The low-band component of the tracking driving signal shows
displacement of the objective lens by the tracking control, on the
basis of a position where weight and gravity of the objective lens
is balanced. When the moving direction of the tracking actuator is
horizontal, it is a signal corresponding to a relative position of
the objective lens and the center of the optical head, because the
displacement of the objective lens by the gravity from the
operation center of the tracking actuator in contrast to the moving
direction of the tracking actuator is approximately "0" in this
case. However, when the position of the apparatus is set up so as
to have a vertical moving direction of the tracking actuator, i.e.,
when the optical disc apparatus is positioned "longitudinally
(vertically)", the objective lens is displaced downwardly due to
its weight, which is referred to as "self-weight dislocation". The
position of the objective lens displaced due to the self-weight
dislocation is the position where the weight and gravity of the
objective lens is balanced, and the traverse control is executed
with this position as a center. Therefore, in the conventional
optical disc apparatus, when the self-weight dislocation occurs,
the movable range of the tracking actuator is narrowed accordingly,
whereby the follow-up characteristics of the tracking control are
deteriorated.
[0004] Japanese Published Patent Application No. Hei. 9-223320
discloses an optical disc apparatus which solves such problems. The
optical disc apparatus disclosed therein comprises spot position
signal generation means for generating a spot position signal which
indicates relative displacement of a light receiving element in the
optical head and a light spot, and has a structure of using the
spot position signal as an error signal of the traverse control.

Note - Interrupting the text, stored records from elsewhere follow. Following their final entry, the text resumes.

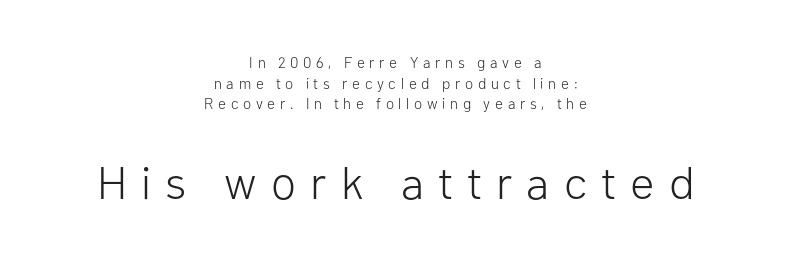
{"serif": "no", "italic": "no", "bold": "no", "weight": "light", "width": "normal", "stroke_contrast": "low", "x_height": "medium", "monospaced": "no", "underline": "no", "align": "center", "line_spacing": "normal", "line_spacing_ratio": 1.37, "letter_spacing": "wide", "letter_spacing_em": 0.31, "larger_block": "second", "size_ratio": 3.07, "glyph_px": 46}
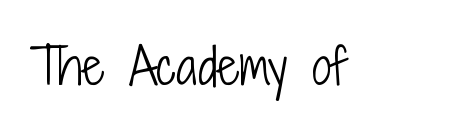
{"serif": "no", "italic": "no", "bold": "no", "weight": "light", "width": "condensed", "stroke_contrast": "low", "x_height": "medium", "monospaced": "no", "underline": "no", "letter_spacing": "normal", "letter_spacing_em": 0.0, "glyph_px": 49}
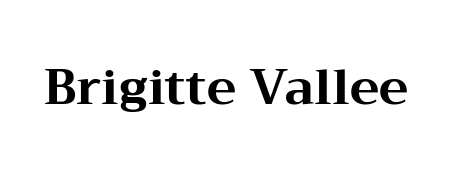
The letters stand upright; this is a roman face. Proportional: the letters do not fall into vertical columns. Typographic density is high because the face is bold. Honestly, the letter spacing is just normal — you wouldn't notice it.
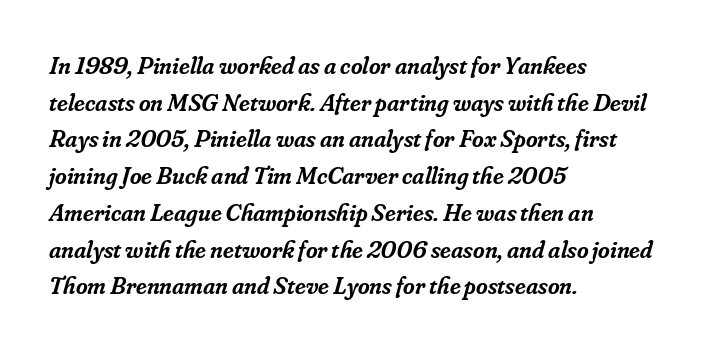
The image shows 25 px text type, italic (leaning right); set left-aligned, normal line spacing (1.47x), normal letter spacing, not underlined.
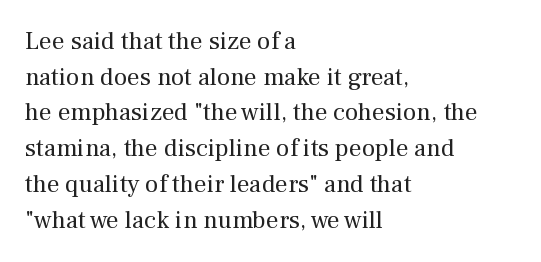
The image shows 25 px text type, upright; set left-aligned, normal line spacing (1.43x), normal letter spacing, not underlined.
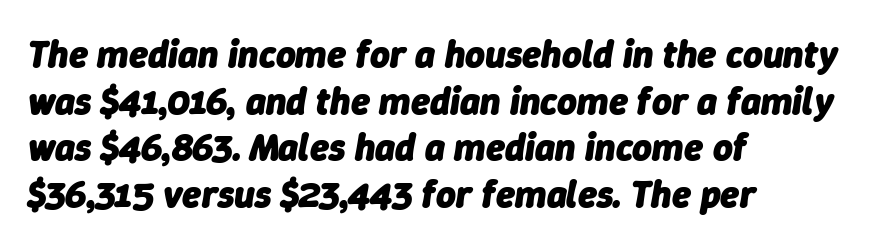
The rendering anchors every line to the left-hand side. The zone under the glyphs is completely vacant. The gaps between neighbouring characters are ordinary and unremarkable. Set as a true bold cut, around the 700 mark. Slant detected: the letters are inclined.
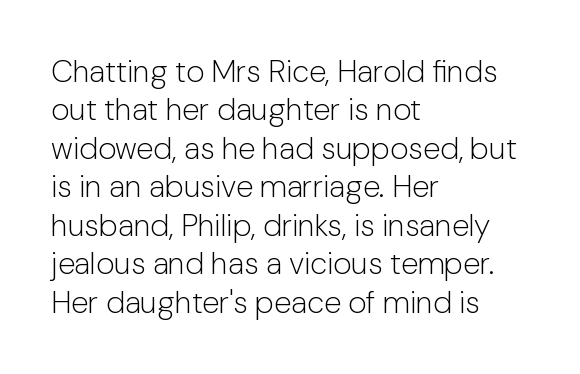
{"serif": "no", "italic": "no", "bold": "no", "weight": "light", "width": "normal", "stroke_contrast": "low", "x_height": "medium", "monospaced": "no", "underline": "no", "align": "left", "line_spacing_ratio": 1.24, "letter_spacing": "normal", "letter_spacing_em": 0.0, "glyph_px": 31}
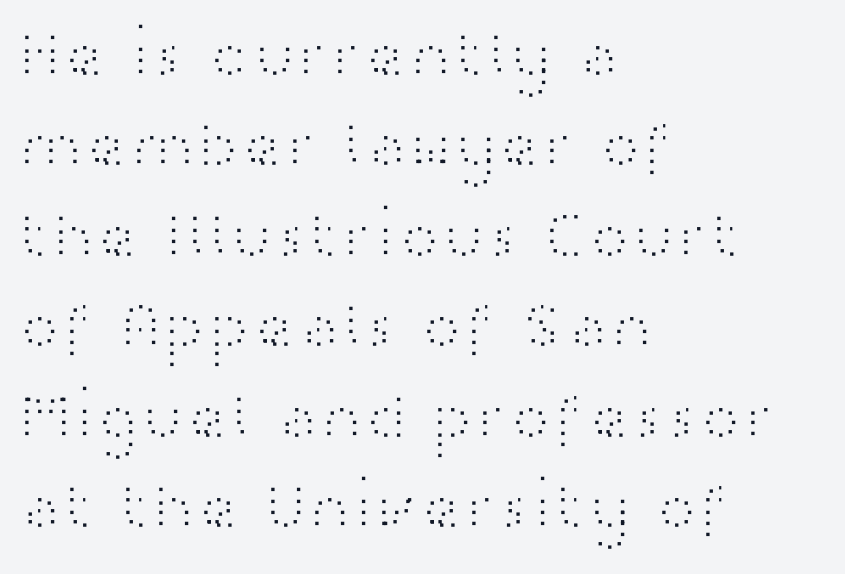
The image shows 67 px light, wide sans-serif type, upright; set left-aligned, normal line spacing (1.35x), normal letter spacing, not underlined; high stroke contrast and a medium x-height.
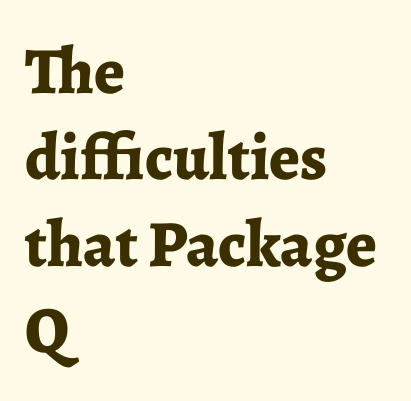
Q: Is the text bold? A: Yes.
Q: Is the text italic (slanted)? A: No, it is upright.
Q: Is the typeface a serif or a sans-serif typeface? A: Serif.
Q: Is the text underlined? A: No.
Q: How is the paragraph aligned? A: Left-aligned.
Q: Is the spacing between letters normal or unusually wide? A: Normal.
Q: Is the spacing between lines tight, normal or loose? A: Normal.
Q: Width (condensed, normal, or wide)? A: Normal.
Q: Stroke contrast? A: Low.
Q: x-height? A: Medium.
Q: Monospaced? A: No.
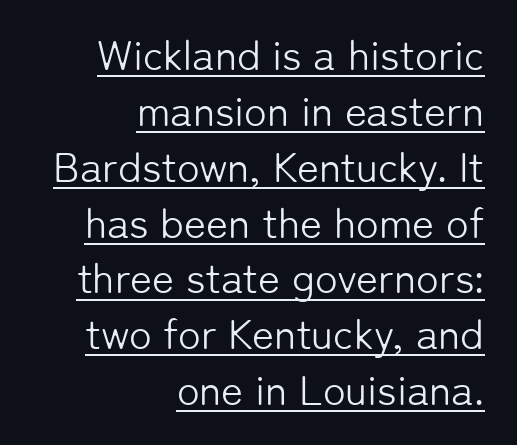
The image shows 42 px light sans-serif type, upright; set right-aligned, normal line spacing (1.33x), normal letter spacing, underlined; low stroke contrast and a medium x-height.
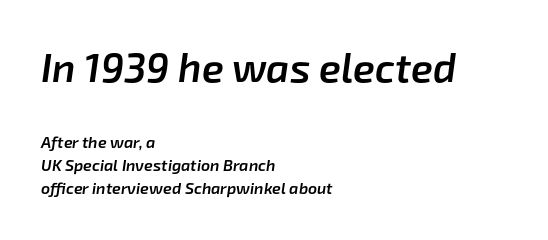
Do the characters align in a grid? No, the font is proportional. Two sizes are in play, and the larger belongs to the first block. Regular leading. Nobody touched the tracking dial on this one. Slanted lettering throughout. The space beneath each line is pristine and unruled.
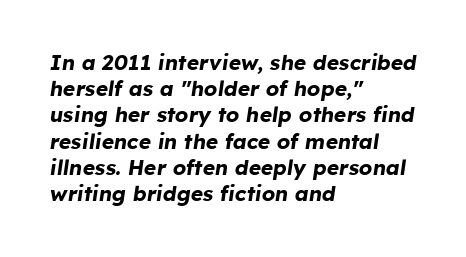
Q: Is the text bold? A: Yes.
Q: Is the text italic (slanted)? A: Yes, it leans right by about 8 degrees.
Q: Is the text underlined? A: No.
Q: How is the paragraph aligned? A: Left-aligned.
Q: Is the spacing between letters normal or unusually wide? A: Normal.
Q: Is the spacing between lines tight, normal or loose? A: Normal.
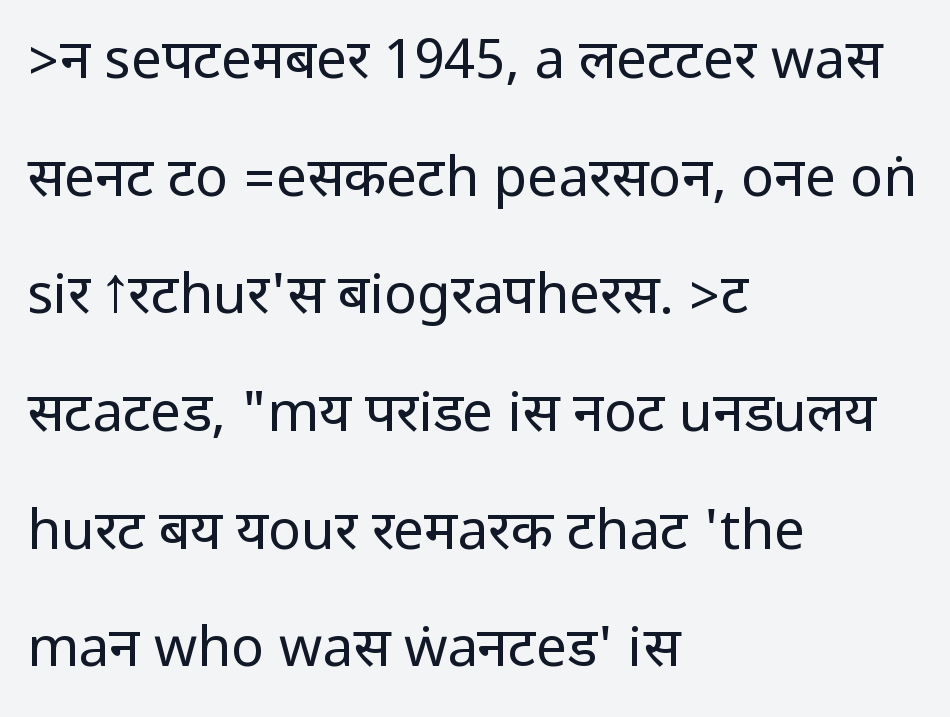
Q: Is the text bold? A: No.
Q: Is the text italic (slanted)? A: No, it is upright.
Q: Is the typeface a serif or a sans-serif typeface? A: Sans-serif.
Q: Is the text underlined? A: No.
Q: How is the paragraph aligned? A: Left-aligned.
Q: Is the spacing between letters normal or unusually wide? A: Normal.
Q: Is the spacing between lines tight, normal or loose? A: Loose.
Q: Width (condensed, normal, or wide)? A: Condensed.
Q: Stroke contrast? A: Low.
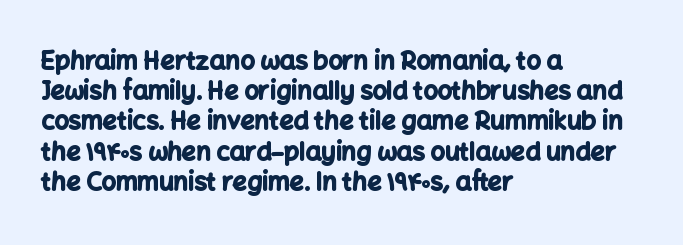
The passage shown is emphatically bold. The space directly below the letters is spotless. Tracking here is standard; glyphs follow each other at the usual distance. Where is the straight margin? On the left.
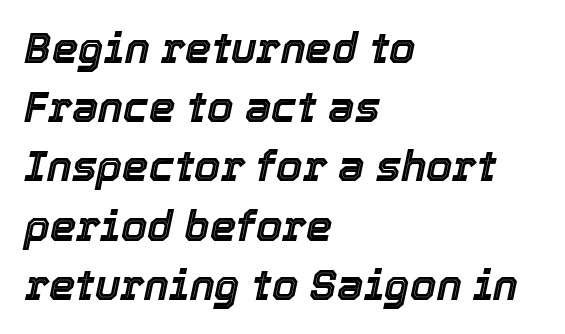
{"italic": "yes", "lean": "right", "slant_degrees": 12, "width": "normal", "x_height": "medium", "monospaced": "no", "underline": "no", "align": "left", "line_spacing": "normal", "line_spacing_ratio": 1.41, "letter_spacing": "normal", "letter_spacing_em": 0.0, "glyph_px": 42}
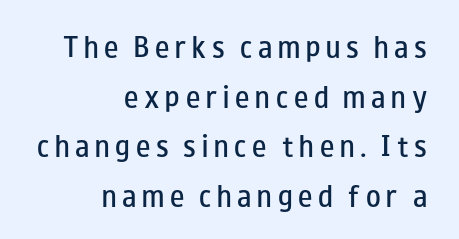
Quick note: not italic, upright. Between one letter and the next there's a generous, obvious gap. Widely set lines give the paragraph a tall, airy silhouette. This rendering features lettering with no underline. Typesetter's note: demi weight, one step under bold. All the whitespace from short lines collects on the left.
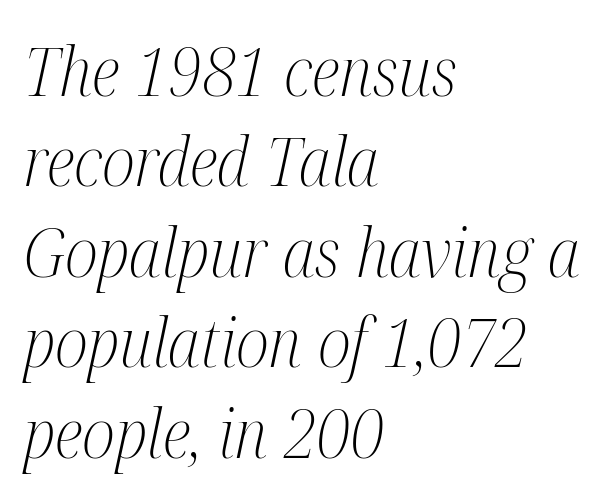
{"serif": "yes", "italic": "yes", "lean": "right", "slant_degrees": 12, "bold": "no", "weight": "light", "width": "condensed", "stroke_contrast": "medium", "x_height": "medium", "monospaced": "no", "underline": "no", "align": "left", "line_spacing": "normal", "line_spacing_ratio": 1.33, "letter_spacing": "normal", "letter_spacing_em": 0.0, "glyph_px": 68}

According to this structure, the traverse control of this optical
disc apparatus has a point where the spot position signal is zero
as a control target and moves the optical head such that the light
spot is positioned at the center of the light receiving element. In
constituting the optical head, the center of the light receiving
element and the operation center of the tracking actuator are
previously arranged so as to coincide with each other. Therefore,
the objective lens is always moved around the operation center of
the tracking actuator, thereby avoiding the deterioration of the
follow-up characteristics of the tracking control.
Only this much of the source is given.